DORI MONSON

Dori: AG Ferguson’s lawsuit over 3-D printed guns is an attention ploy for gubernatorial campaign

Jul 31, 2018, 1:56 PM
Bob Ferguson, 3-d printed guns, lawsuits capital gains tax...
Attorney General Bob Ferguson, left, speaks as Washington Gov. Jay Inslee, center, and Solicitor General Noah Purcell look on. (AP file Photo/Elaine Thompson)

(AP file Photo/Elaine Thompson)

Bob Ferguson continued his gubernatorial campaign yesterday by filing yet another lawsuit against the Trump administration. This time he is suing over 3-D printed guns.

A guy who filed a lawsuit wanted to be able to print internet blueprints for 3-D guns, and Bob Ferguson said that shouldn’t be allowed — even though the court decided that was a First Amendment protected right. There are websites that have horrible things on them. Al-Quaeda has websites where they tell people to run down crowds with a car. There are websites that tell you how to make bombs. That is the price of a free society. The First Amendment was designed to protect unpopular speech, because the popular speech doesn’t need protection.

But with this phony lawsuit over 3-D printed guns, all Bob Ferguson is doing is trying to raise money and gain attention for his 2020 gubernatorial campaign. Bob Ferguson won’t say a thing about Sound Transit’s illegally-calculated car tab fees, the multi-billion-dollar rip-off of the people of this state. Our attorney general should be looking out for us, but he says nothing about Sound Transit. He says nothing about the millions wasted in Seattle and Olympia’s pursuit of an illegal income tax, a violation of our state constitution. Bob Ferguson runs interference for the Department of Transportation to continue illegally collecting tolls on 405. Bob Ferguson will do nothing to upset the Democratic base he needs to become governor. And he has decided that taking a stand against 3-D printed guns is another way to feed some raw meat to his Democrat supporters.

RELATED: SCOTUS travel ban decision a smack-down for Bob Ferguson

It is legal and easy to find gun blueprints on the internet. The First Amendment does not allow the government to decide what is acceptable and what is not. Do you know how scary this world would be if we let bureaucrats like Bob Ferguson – who has nothing but self-interest, who couldn’t care less about the taxpayers of this state – got to decide what should, and should not, be on the internet? I don’t know if you want to let someone like that be your gatekeeper in life. I sure don’t, and our founding fathers didn’t want anyone like him to be our gatekeeper.

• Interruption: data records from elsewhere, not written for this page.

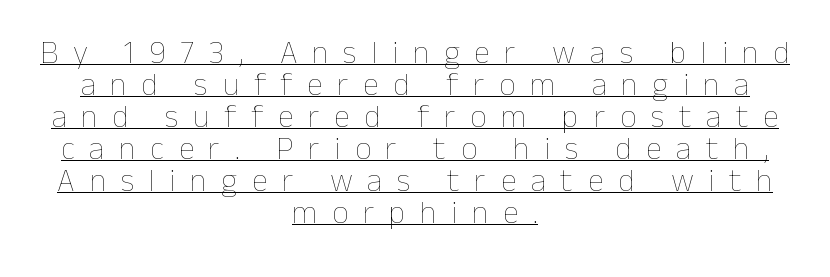
The image shows 32 px thin type, upright; set centered, tight line spacing (1.0x), unusually wide letter spacing (+0.46 em), underlined; low stroke contrast and a medium x-height.
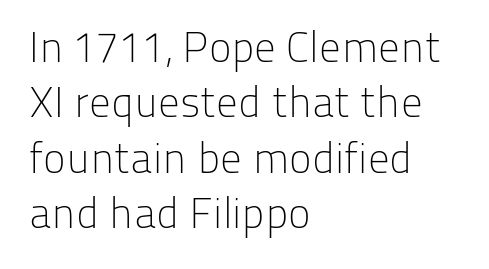
Here the designer chose a conventional face with non-uniform glyph widths. Students, observe: this is what conventionally led text looks like. Type style note: lacks serifs. Glyph-to-glyph distance matches everyday printed text. Teacher's note: observe the even left margin — that is flush-left alignment. Unbolded letterforms with no extra heft.
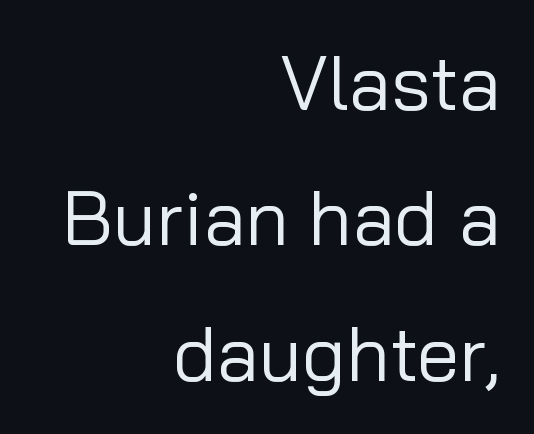
{"serif": "no", "italic": "no", "bold": "no", "weight": "regular", "width": "normal", "stroke_contrast": "low", "x_height": "medium", "monospaced": "no", "underline": "no", "align": "right", "line_spacing_ratio": 1.78, "letter_spacing": "normal", "letter_spacing_em": 0.0, "glyph_px": 76}
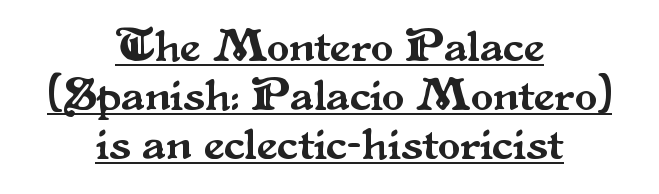
Q: Is the text italic (slanted)? A: No, it is upright.
Q: Is the typeface a serif or a sans-serif typeface? A: Serif.
Q: Is the text underlined? A: Yes.
Q: How is the paragraph aligned? A: Centered.
Q: Is the spacing between letters normal or unusually wide? A: Normal.
Q: Is the spacing between lines tight, normal or loose? A: Tight.
Q: Width (condensed, normal, or wide)? A: Normal.
Q: Stroke contrast? A: Medium.
Q: x-height? A: Small.
Q: Monospaced? A: No.

Right now, any person who engages in the sale of firearms has to be licensed. So it’s already illegal to make a 3-D printed gun and sell it. Why in the world do you have to file this lawsuit if there are already laws preventing it? Also, a criminal can buy a gun on the street for $80. A 3-D printer that can manufacture such a gun costs about $100,000. There’s a price barrier to stop people from engaging in these crimes. And the laws that have cracked down on people manufacturing their own weapons … those laws fail.

Bob Ferguson made all of this about Trump because he thought this would get him headlines for his fundraiser. It is shocking how deep Bob Fergie plumbs to get attention. Everything he said in his announcement was about the president. What we have is an attorney general who is just the biggest publicity you-know-what. He just needs attention. He wants to fundraise among his Democrat base, and so he wants to decide what information you and I get to access. I don’t need gun blueprints, you probably don’t either. But the attorney general is not the one who gets to decide what you get to see on the internet.

The First Amendment protects us from rogue government officials like Bob Ferguson, about the most dangerous politician I’ve ever seen in all my years of watchdogging this stuff.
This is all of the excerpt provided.